8. Verslag van de commissie voor geschied- en oudheidkunde over het jaar 1990-1991
De Commissie kwam vijfmaal bijeen. De volgende voordrachten werden gehouden:
24 oktober 1990 sprak de heer Bruijn over De marinevakbonden tussen wereldoorlog en muiterij (1914-1933);
28 november 1990 sprak de heer Groenveld over Breda in het spanningsveld tussen noord en zuid, 1576-1610, en de heer Backhuys over De bijdragen van Rumphius aan de wetenschappelijke bestudering van flora en fauna;
23 januari 1991 sprak mevrouw Mout over Spiritualisten in de Nederlandse Reformatie;
27 februari 1991 sprak de heer Swart over Willem van Oranje en de vestiging van de macht van de Statenvergaderingen, in het bijzonder die van de Staten-Generaal, en de heer Blom over De bestudering van de geschiedenis van de Binnenlandse Veiligheidsdienst(bvd);
27 maart 1991 sprak de heer Van den Berg over Samenwerking zonder ‘subjectie’: synode en theologische faculteit te Leiden tot 1878, de heer Feenstra over De plaats van het canonieke recht in het juridisch onderwijs aan de Nederlandse universiteiten vóór 1800, en de heer Bruijn over Een Leidse tabaksdoos uit het voc-schip Zuiddorp in Westaustralisch binnenland.

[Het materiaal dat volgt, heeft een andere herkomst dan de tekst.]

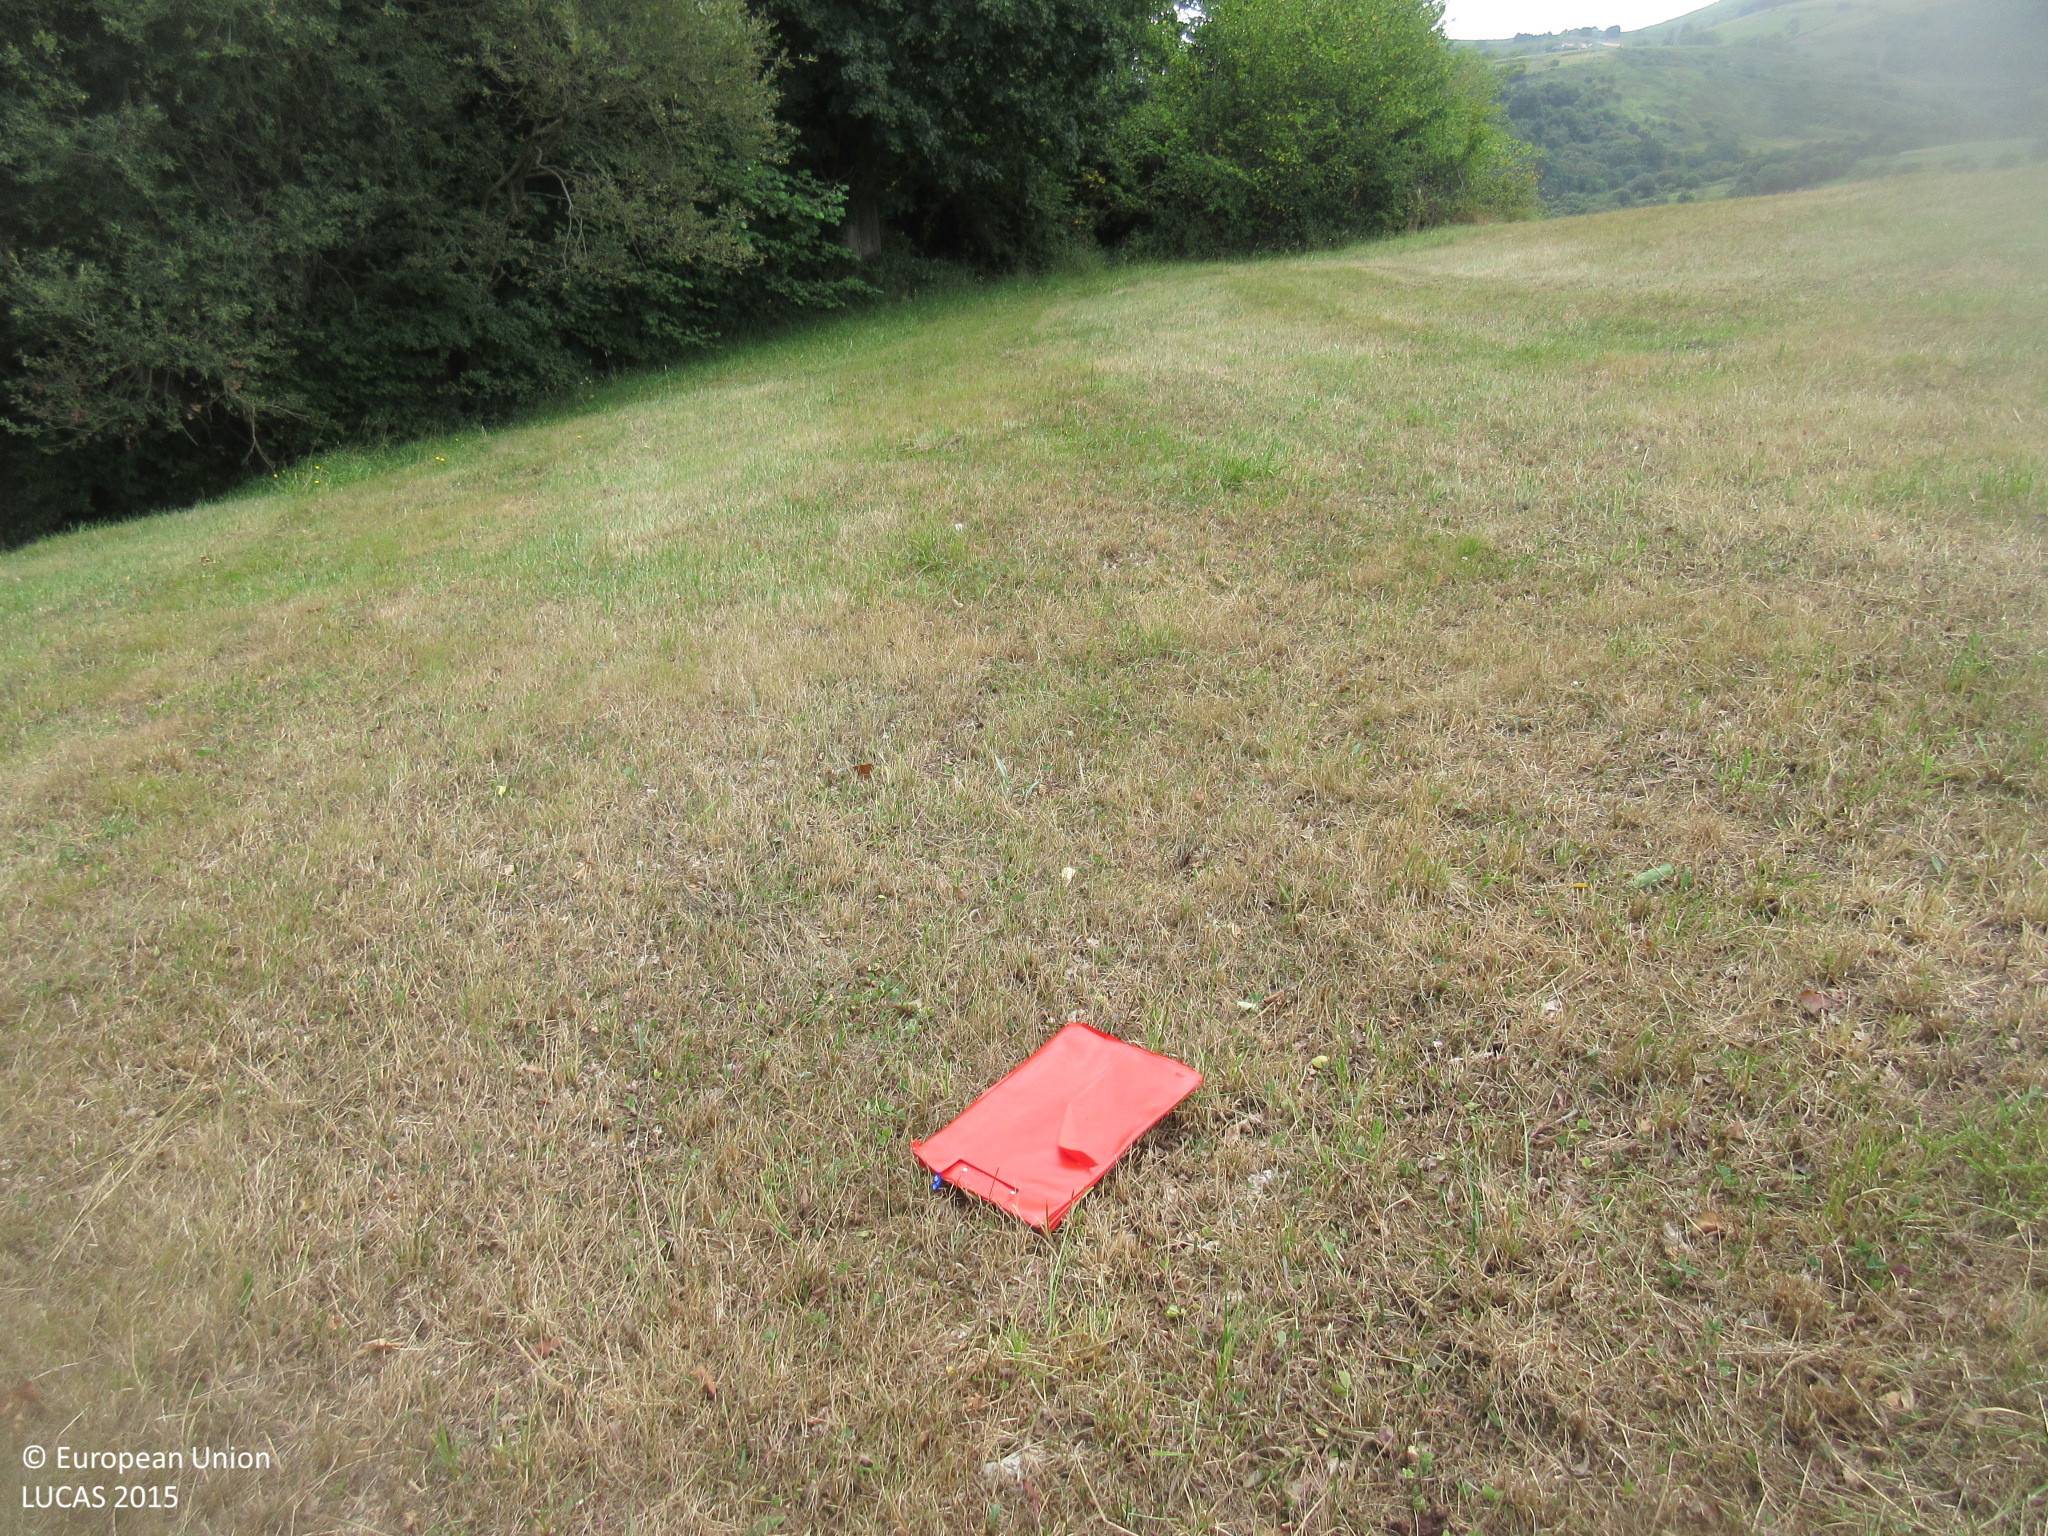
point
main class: Grassland
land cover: Grassland without tree/shrub cover
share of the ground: > 75 %
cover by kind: herbaceous plants 100 %
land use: Agriculture (excluding fallow land and kitchen gardens)
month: July
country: ES
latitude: 43.3360
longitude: -4.4279
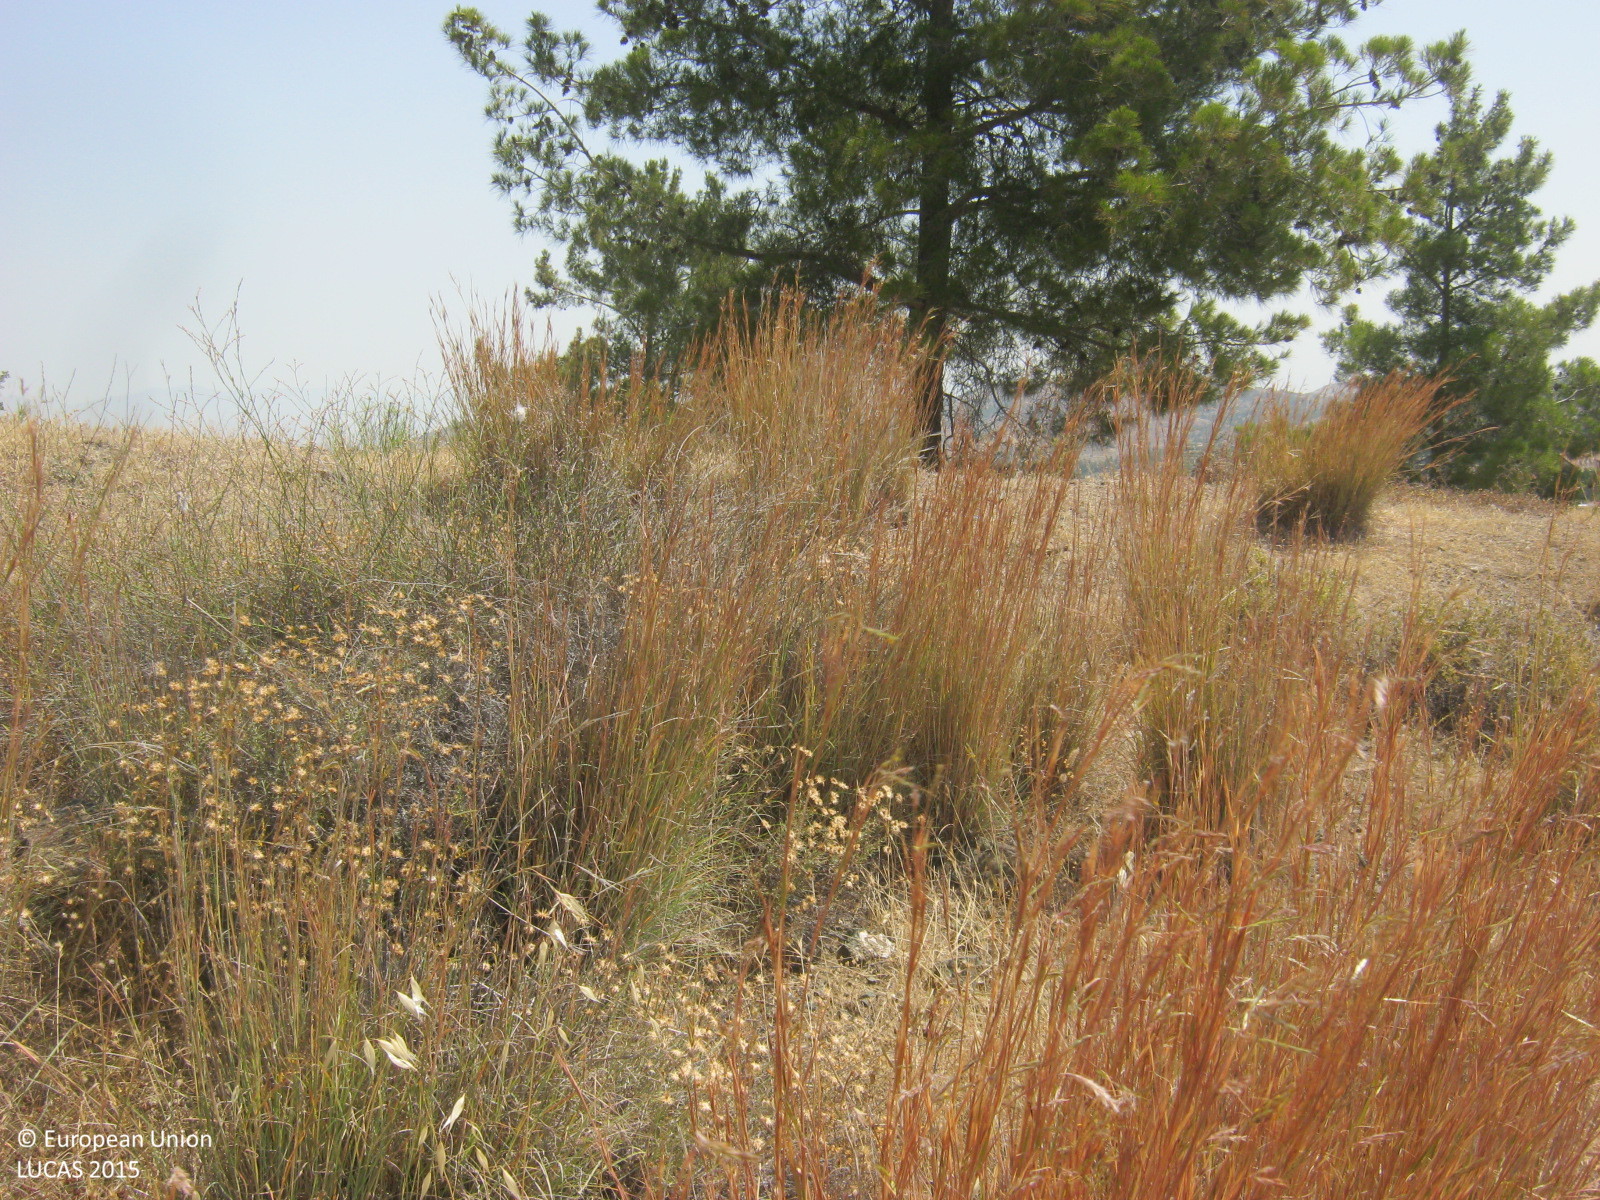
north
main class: Shrubland
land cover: Shrubland without tree cover
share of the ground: 10 - 25 %
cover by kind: herbaceous plants 70 %, shrubs 25 %, unconsolidated bare surface 5 %
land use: Semi-natural and natural areas not in use
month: June
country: CY
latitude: 35.0357
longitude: 33.0082
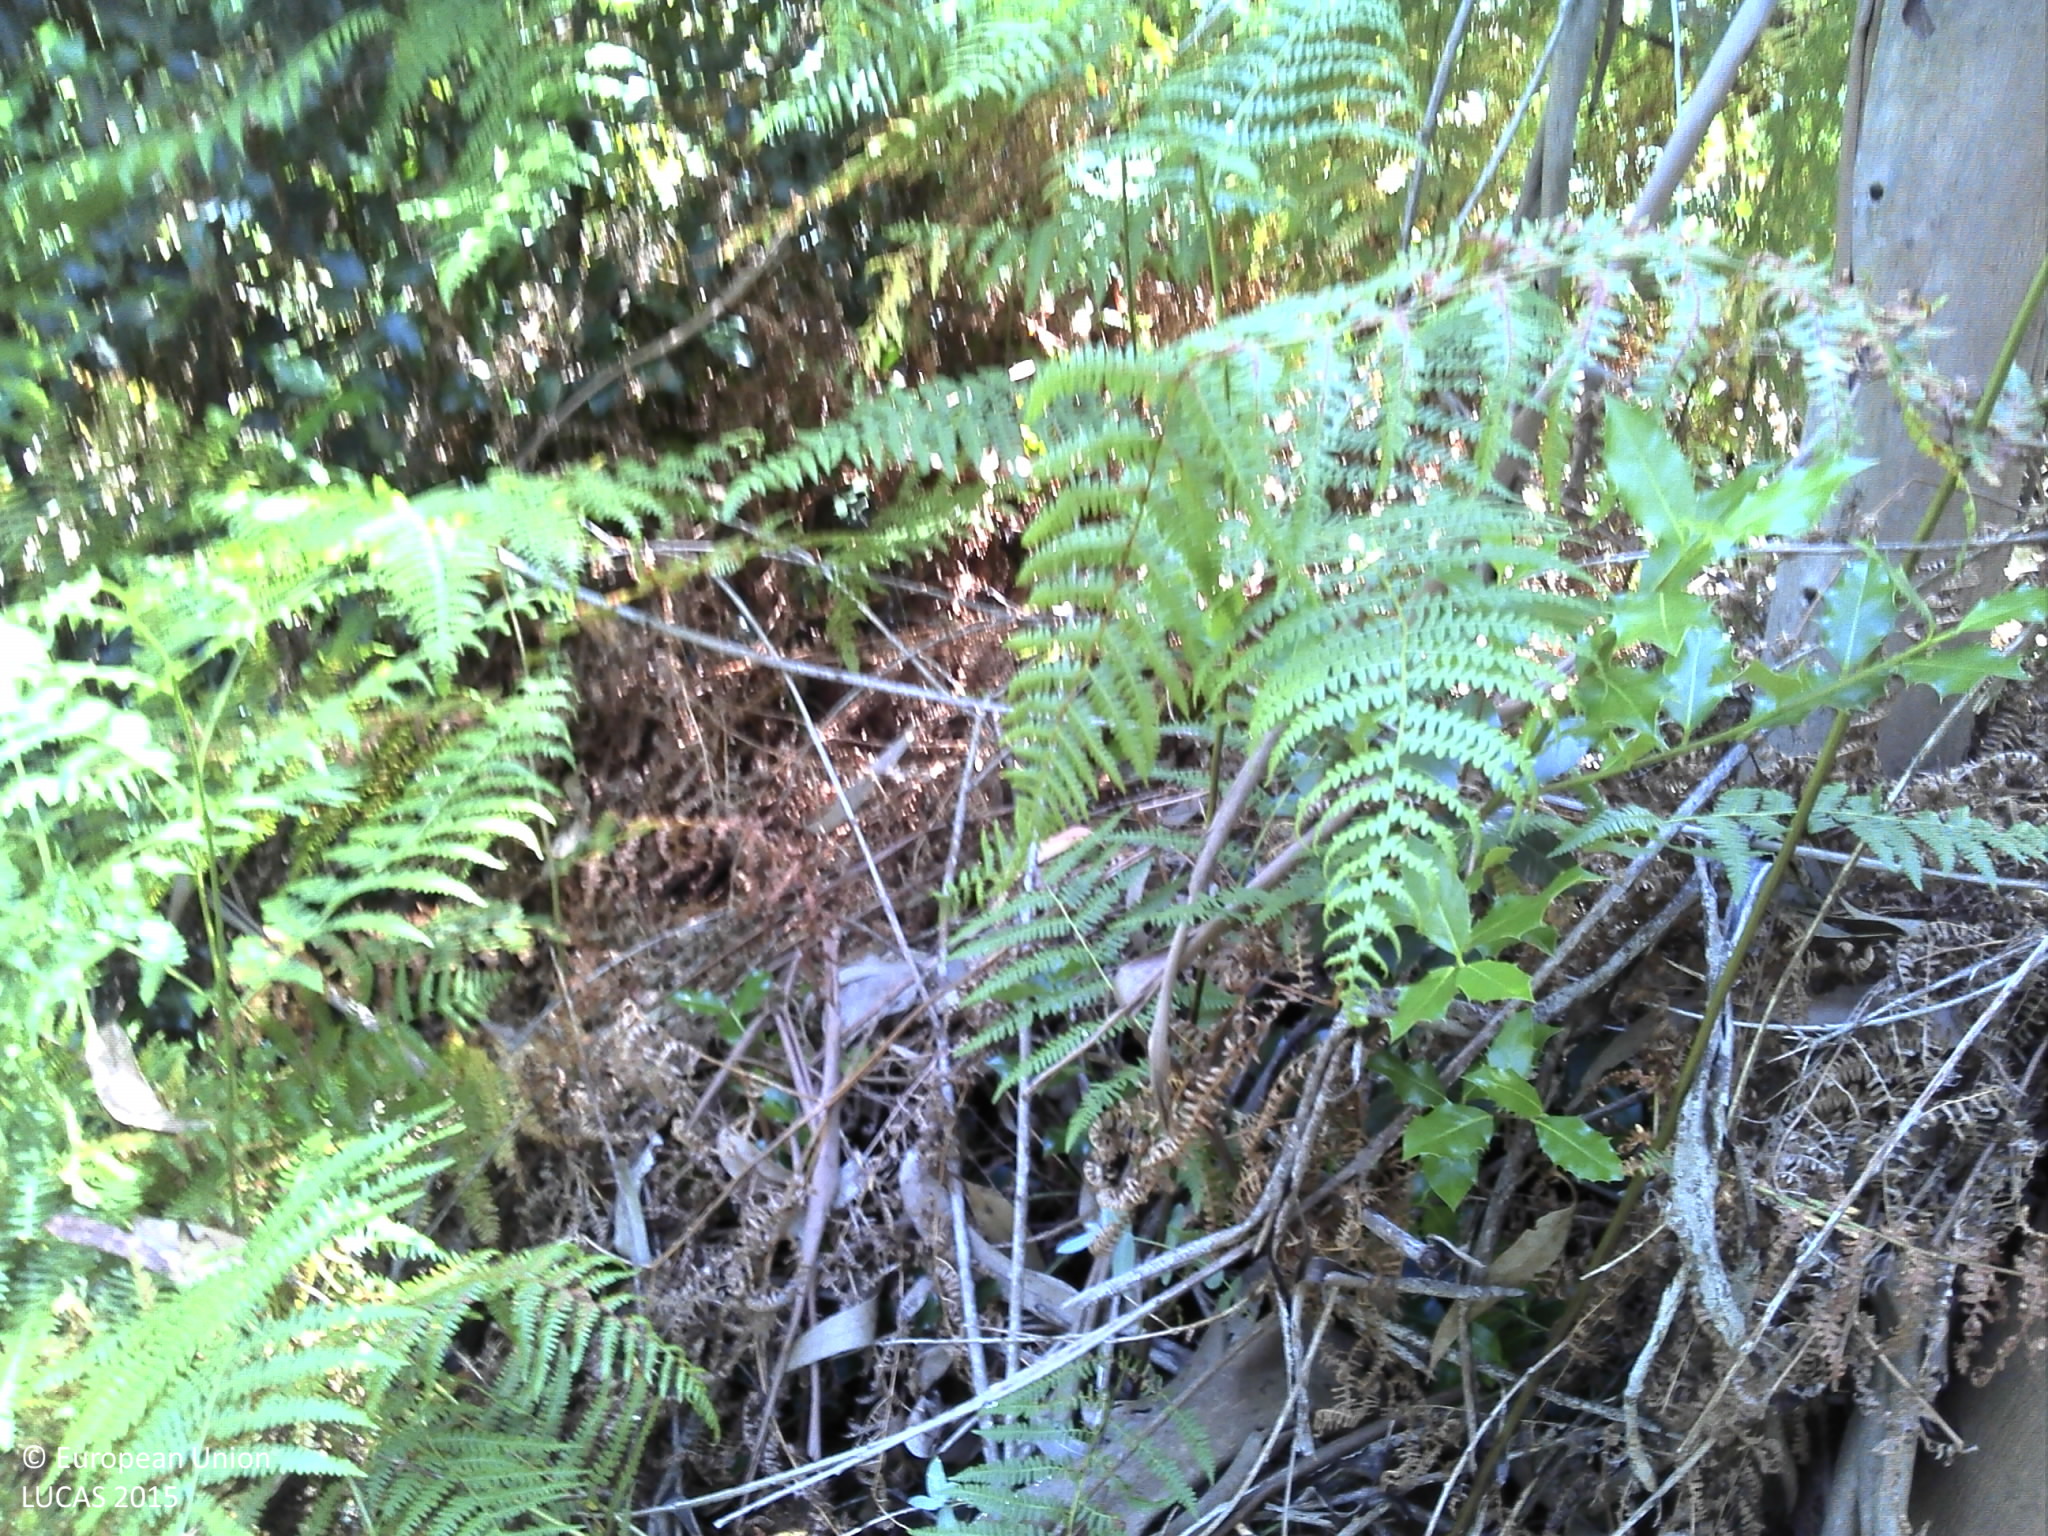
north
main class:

Als voorzitter trad op de heer De Jonge, terwijl de heer Van den Berg als secretaris fungeerde. Leden van de Commissie waren de dames dr. C.W. Fock en dr. M.E.H.N. Mout en de heren dr. W. Backhuys, dr. H. Baudet, dr. J. van den Berg, dr. J.C.H. Blom, dr. D.E.H. de Boer, dr. J.R. Bruijn, dr. A.E. Cohen, dr. C. Fasseur, mr. R. Feenstra, dr. S. Groenveld, dr. J.P. Gumbert, dr. H.J. de Jonge, dr. J.A.F. de Jongste, dr. J. Th. Lindblad, dr. P.F.J. Obbema, dr. G.H.M. Posthumus Meyjes, dr. I. Schöffer en dr. K.W. Swart.